Muchas veces se hacen eco de blogs d habla inglesa, pues parece que aquí este tipo de visión prosaica del management no se estila. En la entrada que os linko resumen, en una breve lista de diez puntos, otras tantas ideas de Ian MacKenzie sobre la gestión de tiempo. A continuación las recojo y os aporto un pequeño granito de arena.
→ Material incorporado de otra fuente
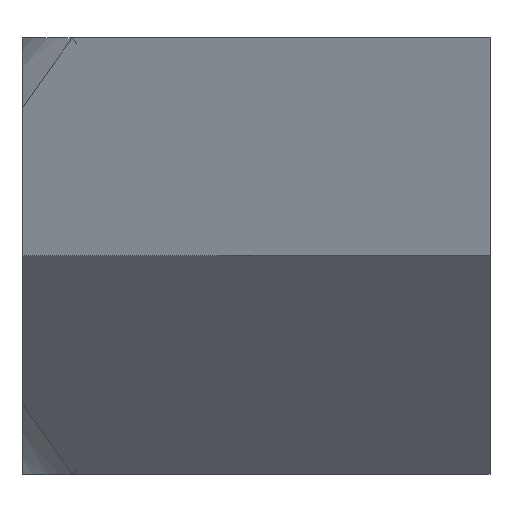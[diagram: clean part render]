
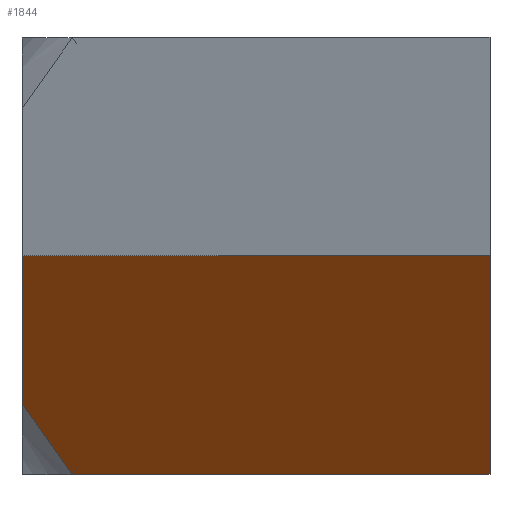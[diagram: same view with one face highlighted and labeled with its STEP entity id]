
A CAD part, top view. The second image highlights one B-rep face of the part: STEP entity #1844.
In plain terms, the highlighted planar face has unit normal (0.5, 0.707, -0.5).
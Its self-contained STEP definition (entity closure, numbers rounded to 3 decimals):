
#181 = PLANE('',#182);
#182 = AXIS2_PLACEMENT_3D('',#183,#184,#185);
#183 = CARTESIAN_POINT('',(1002.,-200.,6000.));
#184 = DIRECTION('',(1.,0.,0.));
#185 = DIRECTION('',(-0.,1.,0.));
#702 = PLANE('',#703);
#703 = AXIS2_PLACEMENT_3D('',#704,#705,#706);
#704 = CARTESIAN_POINT('',(1109.111,200.,6000.));
#705 = DIRECTION('',(-1.,0.,0.));
#706 = DIRECTION('',(0.,-1.,0.));
#776 = PLANE('',#777);
#777 = AXIS2_PLACEMENT_3D('',#778,#779,#780);
#778 = CARTESIAN_POINT('',(1013.484,50.,907.413));
#779 = DIRECTION('',(-0.5,0.707,0.5));
#780 = DIRECTION('',(-0.5,-0.707,0.5));
#946 = VERTEX_POINT('',#947);
#947 = CARTESIAN_POINT('',(1109.111,-50.,
    1003.04));
#960 = PLANE('',#961);
#961 = AXIS2_PLACEMENT_3D('',#962,#963,#964);
#962 = CARTESIAN_POINT('',(1013.484,-50.,907.413));
#963 = DIRECTION('',(0.5,-0.707,-0.5));
#964 = DIRECTION('',(0.5,0.707,-0.5));
#971 = EDGE_CURVE('',#946,#972,#974,.T.);
#972 = VERTEX_POINT('',#973);
#973 = CARTESIAN_POINT('',(1109.111,0.,
    1073.751));
#974 = SURFACE_CURVE('',#975,(#979,#985),.PCURVE_S1.);
#975 = LINE('',#976,#977);
#976 = CARTESIAN_POINT('',(1109.111,1163.589,
    2719.313));
#977 = VECTOR('',#978,1.);
#978 = DIRECTION('',(0.,0.577,0.816));
#979 = PCURVE('',#702,#980);
#980 = DEFINITIONAL_REPRESENTATION('',(#981),#984);
#981 = B_SPLINE_CURVE_WITH_KNOTS('',1,(#982,#983),.UNSPECIFIED.,.F.,.F.,
  (2,2),(-2101.997,-2015.395),
  .PIECEWISE_BEZIER_KNOTS.);
#982 = CARTESIAN_POINT('',(250.,-4996.96));
#983 = CARTESIAN_POINT('',(200.,-4926.249));
#984 = ( GEOMETRIC_REPRESENTATION_CONTEXT(2) 
PARAMETRIC_REPRESENTATION_CONTEXT() REPRESENTATION_CONTEXT('2D SPACE',''
  ) );
#985 = PCURVE('',#986,#991);
#986 = PLANE('',#987);
#987 = AXIS2_PLACEMENT_3D('',#988,#989,#990);
#988 = CARTESIAN_POINT('',(978.129,0.,942.768));
#989 = DIRECTION('',(-0.5,-0.707,0.5));
#990 = DIRECTION('',(0.5,-0.707,-0.5));
#991 = DEFINITIONAL_REPRESENTATION('',(#992),#995);
#992 = B_SPLINE_CURVE_WITH_KNOTS('',1,(#993,#994),.UNSPECIFIED.,.F.,.F.,
  (2,2),(-2101.997,-2015.395),
  .PIECEWISE_BEZIER_KNOTS.);
#993 = CARTESIAN_POINT('',(70.711,135.237));
#994 = CARTESIAN_POINT('',(0.,185.237));
#995 = ( GEOMETRIC_REPRESENTATION_CONTEXT(2) 
PARAMETRIC_REPRESENTATION_CONTEXT() REPRESENTATION_CONTEXT('2D SPACE',''
  ) );
#1343 = VERTEX_POINT('',#1344);
#1344 = CARTESIAN_POINT('',(1002.,0.,
    966.64));
#1363 = EDGE_CURVE('',#1343,#972,#1364,.T.);
#1364 = SURFACE_CURVE('',#1365,(#1369,#1376),.PCURVE_S1.);
#1365 = LINE('',#1366,#1367);
#1366 = CARTESIAN_POINT('',(978.129,0.,
    942.768));
#1367 = VECTOR('',#1368,1.);
#1368 = DIRECTION('',(0.707,0.,0.707)
  );
#1369 = PCURVE('',#776,#1370);
#1370 = DEFINITIONAL_REPRESENTATION('',(#1371),#1375);
#1371 = LINE('',#1372,#1373);
#1372 = CARTESIAN_POINT('',(70.711,0.));
#1373 = VECTOR('',#1374,1.);
#1374 = DIRECTION('',(0.,1.));
#1375 = ( GEOMETRIC_REPRESENTATION_CONTEXT(2) 
PARAMETRIC_REPRESENTATION_CONTEXT() REPRESENTATION_CONTEXT('2D SPACE',''
  ) );
#1376 = PCURVE('',#986,#1377);
#1377 = DEFINITIONAL_REPRESENTATION('',(#1378),#1382);
#1378 = LINE('',#1379,#1380);
#1379 = CARTESIAN_POINT('',(0.,0.));
#1380 = VECTOR('',#1381,1.);
#1381 = DIRECTION('',(0.,1.));
#1382 = ( GEOMETRIC_REPRESENTATION_CONTEXT(2) 
PARAMETRIC_REPRESENTATION_CONTEXT() REPRESENTATION_CONTEXT('2D SPACE',''
  ) );
#1673 = EDGE_CURVE('',#1343,#1674,#1676,.T.);
#1674 = VERTEX_POINT('',#1675);
#1675 = CARTESIAN_POINT('',(1002.,-33.759,918.897));
#1676 = SURFACE_CURVE('',#1677,(#1681,#1687),.PCURVE_S1.);
#1677 = LINE('',#1678,#1679);
#1678 = CARTESIAN_POINT('',(1002.,1147.415,
    2589.329));
#1679 = VECTOR('',#1680,1.);
#1680 = DIRECTION('',(0.,-0.577,-0.816));
#1681 = PCURVE('',#181,#1682);
#1682 = DEFINITIONAL_REPRESENTATION('',(#1683),#1686);
#1683 = B_SPLINE_CURVE_WITH_KNOTS('',1,(#1684,#1685),.UNSPECIFIED.,.F.,
  .F.,(2,2),(1987.38,2045.853),
  .PIECEWISE_BEZIER_KNOTS.);
#1684 = CARTESIAN_POINT('',(200.,-5033.36));
#1685 = CARTESIAN_POINT('',(166.241,-5081.103));
#1686 = ( GEOMETRIC_REPRESENTATION_CONTEXT(2) 
PARAMETRIC_REPRESENTATION_CONTEXT() REPRESENTATION_CONTEXT('2D SPACE',''
  ) );
#1687 = PCURVE('',#986,#1688);
#1688 = DEFINITIONAL_REPRESENTATION('',(#1689),#1692);
#1689 = B_SPLINE_CURVE_WITH_KNOTS('',1,(#1690,#1691),.UNSPECIFIED.,.F.,
  .F.,(2,2),(1987.38,2045.853),
  .PIECEWISE_BEZIER_KNOTS.);
#1690 = CARTESIAN_POINT('',(0.,33.759));
#1691 = CARTESIAN_POINT('',(47.743,0.));
#1692 = ( GEOMETRIC_REPRESENTATION_CONTEXT(2) 
PARAMETRIC_REPRESENTATION_CONTEXT() REPRESENTATION_CONTEXT('2D SPACE',''
  ) );
#1744 = B_SPLINE_SURFACE_WITH_KNOTS('',1,10,(
    (#1745,#1746,#1747,#1748,#1749,#1750,#1751,#1752,#1753,#1754,#1755)
    ,(#1756,#1757,#1758,#1759,#1760,#1761,#1762,#1763,#1764,#1765,#1766
    )),.UNSPECIFIED.,.F.,.F.,.F.,(2,2),(11,11),(0.,70.711),(0.,
    35.236),.PIECEWISE_BEZIER_KNOTS.);
#1745 = CARTESIAN_POINT('',(950.,0.,874.859));
#1746 = CARTESIAN_POINT('',(950.,0.,883.25));
#1747 = CARTESIAN_POINT('',(950.706,0.,891.605));
#1748 = CARTESIAN_POINT('',(952.186,0.,899.885));
#1749 = CARTESIAN_POINT('',(954.491,0.,907.968));
#1750 = CARTESIAN_POINT('',(957.644,0.,915.675));
#1751 = CARTESIAN_POINT('',(961.48,0.,922.624));
#1752 = CARTESIAN_POINT('',(965.635,0.,928.763));
#1753 = CARTESIAN_POINT('',(969.906,0.,934.112));
#1754 = CARTESIAN_POINT('',(974.111,0.,938.751));
#1755 = CARTESIAN_POINT('',(978.129,0.,942.768));
#1756 = CARTESIAN_POINT('',(1000.,-50.,874.859));
#1757 = CARTESIAN_POINT('',(1000.,-50.,879.463));
#1758 = CARTESIAN_POINT('',(1000.387,-50.,
    883.68));
#1759 = CARTESIAN_POINT('',(1001.129,-50.,
    887.541));
#1760 = CARTESIAN_POINT('',(1002.193,-50.,
    891.082));
#1761 = CARTESIAN_POINT('',(1003.545,-50.,
    894.333));
#1762 = CARTESIAN_POINT('',(1005.153,-50.,
    897.329));
#1763 = CARTESIAN_POINT('',(1006.984,-50.,900.102));
#1764 = CARTESIAN_POINT('',(1009.004,-50.,
    902.685));
#1765 = CARTESIAN_POINT('',(1011.182,-50.,905.111));
#1766 = CARTESIAN_POINT('',(1013.484,-50.,907.413));
#1844 = ADVANCED_FACE('',(#1845),#986,.F.);
#1845 = FACE_BOUND('',#1846,.F.);
#1846 = EDGE_LOOP('',(#1847,#1848,#1849,#1870,#1891));
#1847 = ORIENTED_EDGE('',*,*,#1363,.F.);
#1848 = ORIENTED_EDGE('',*,*,#1673,.T.);
#1849 = ORIENTED_EDGE('',*,*,#1850,.T.);
#1850 = EDGE_CURVE('',#1674,#1851,#1853,.T.);
#1851 = VERTEX_POINT('',#1852);
#1852 = CARTESIAN_POINT('',(1013.484,-50.,907.413));
#1853 = SURFACE_CURVE('',#1854,(#1857,#1863),.PCURVE_S1.);
#1854 = B_SPLINE_CURVE_WITH_KNOTS('',1,(#1855,#1856),.UNSPECIFIED.,.F.,
  .F.,(2,2),(0.,70.711),.PIECEWISE_BEZIER_KNOTS.);
#1855 = CARTESIAN_POINT('',(978.129,0.,942.768));
#1856 = CARTESIAN_POINT('',(1013.484,-50.,907.413));
#1857 = PCURVE('',#986,#1858);
#1858 = DEFINITIONAL_REPRESENTATION('',(#1859),#1862);
#1859 = B_SPLINE_CURVE_WITH_KNOTS('',1,(#1860,#1861),.UNSPECIFIED.,.F.,
  .F.,(2,2),(0.,70.711),.PIECEWISE_BEZIER_KNOTS.);
#1860 = CARTESIAN_POINT('',(0.,0.));
#1861 = CARTESIAN_POINT('',(70.711,0.));
#1862 = ( GEOMETRIC_REPRESENTATION_CONTEXT(2) 
PARAMETRIC_REPRESENTATION_CONTEXT() REPRESENTATION_CONTEXT('2D SPACE',''
  ) );
#1863 = PCURVE('',#1744,#1864);
#1864 = DEFINITIONAL_REPRESENTATION('',(#1865),#1869);
#1865 = LINE('',#1866,#1867);
#1866 = CARTESIAN_POINT('',(0.,35.236));
#1867 = VECTOR('',#1868,1.);
#1868 = DIRECTION('',(1.,0.));
#1869 = ( GEOMETRIC_REPRESENTATION_CONTEXT(2) 
PARAMETRIC_REPRESENTATION_CONTEXT() REPRESENTATION_CONTEXT('2D SPACE',''
  ) );
#1870 = ORIENTED_EDGE('',*,*,#1871,.T.);
#1871 = EDGE_CURVE('',#1851,#946,#1872,.T.);
#1872 = SURFACE_CURVE('',#1873,(#1877,#1884),.PCURVE_S1.);
#1873 = LINE('',#1874,#1875);
#1874 = CARTESIAN_POINT('',(1013.484,-50.,907.413));
#1875 = VECTOR('',#1876,1.);
#1876 = DIRECTION('',(0.707,0.,0.707)
  );
#1877 = PCURVE('',#986,#1878);
#1878 = DEFINITIONAL_REPRESENTATION('',(#1879),#1883);
#1879 = LINE('',#1880,#1881);
#1880 = CARTESIAN_POINT('',(70.711,0.));
#1881 = VECTOR('',#1882,1.);
#1882 = DIRECTION('',(0.,1.));
#1883 = ( GEOMETRIC_REPRESENTATION_CONTEXT(2) 
PARAMETRIC_REPRESENTATION_CONTEXT() REPRESENTATION_CONTEXT('2D SPACE',''
  ) );
#1884 = PCURVE('',#960,#1885);
#1885 = DEFINITIONAL_REPRESENTATION('',(#1886),#1890);
#1886 = LINE('',#1887,#1888);
#1887 = CARTESIAN_POINT('',(0.,0.));
#1888 = VECTOR('',#1889,1.);
#1889 = DIRECTION('',(0.,1.));
#1890 = ( GEOMETRIC_REPRESENTATION_CONTEXT(2) 
PARAMETRIC_REPRESENTATION_CONTEXT() REPRESENTATION_CONTEXT('2D SPACE',''
  ) );
#1891 = ORIENTED_EDGE('',*,*,#971,.T.);
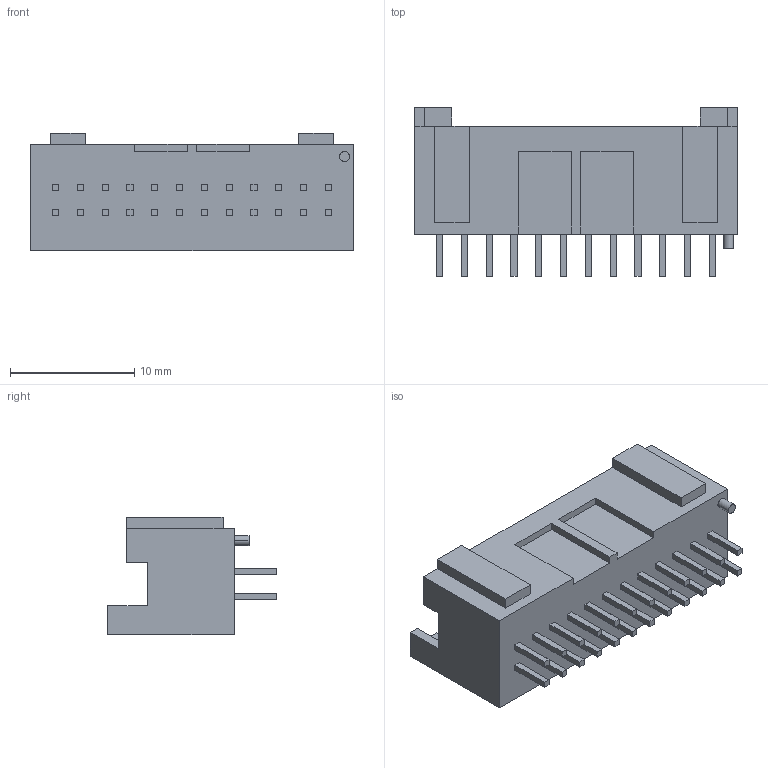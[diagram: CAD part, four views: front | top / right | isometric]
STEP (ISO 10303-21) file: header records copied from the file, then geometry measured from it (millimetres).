
FILE_DESCRIPTION (( 'STEP AP203' ), '1' );
FILE_NAME ('B24B-PADSS-1.STEP', '2014-01-07T02:11:35', ( '' ), ( '' ), 'SwSTEP 2.0', 'SolidWorks 2005235', '' );
FILE_SCHEMA (( 'CONFIG_CONTROL_DESIGN' ));
Length unit declared in the file: millimetre
Products named in the file (1): B24B-PADSS-1
Bounding box: 26 x 13.6 x 9.5 mm (x, y, z)
Volume: 860.2 mm3; surface area: 1920.1 mm2
Topology: 1 solids, 1 shells, 285 faces, 702 edges, 468 vertices
Faces by surface type: plane 283, cylinder 2
Entity records: 8317 total; most frequent: CARTESIAN_POINT 1456, ORIENTED_EDGE 1404, DIRECTION 1278, EDGE_CURVE 702, VECTOR 698, LINE 698, VERTEX_POINT 468, EDGE_LOOP 334

  • Mira siempre hacia delante: es inútil estar siempre preocupados por el pasado, según Ian. Humano, pero inútil. Aprendamos de el pero que nos sirva sólo para mirar hacia el futuro. En mi opinión es cierto, pero lo ampliaría con una metáfora automovilística. Necesitamos un retrovisor para saber lo que hemos dejado atrás, y que aún así nos puede alcanzar, pero no podemos apartar la vista de enfrente durante mucho tiempo. Incluso si se me permite, y tal como nos enseñan en las autoescuelas, no basta con fijarte en el coche que llevamos delante, hay que estar atento también de los que le preceden. Es necesario no fijarse tan solo en el futuro inmediato, saber mirar más allá.

  • Agrupar tareas similares: poco que comentar aquí, pues esta claro. Determinadas tareas que realizamos las hacemos de un modo muy disperso. En aras a incrementar nuestra productividad conviene agruparlas en un mismo tiempo de ejecución.

  • Contar con las interrupciones: como dice Ian, hay que reconocer que existen y amoldarnos a ellas. Por tanto es fundamental estudiar cómo y cuando se producen.

  • Ordena tu agenda/calendario: conviene repasarla de vez en cuando, y eliminar aquellas tareas superfluas que apenas aportan y que nos limitan. Hay que tomarse un tiempo para organizar nuestro tiempo, valga la redundancia.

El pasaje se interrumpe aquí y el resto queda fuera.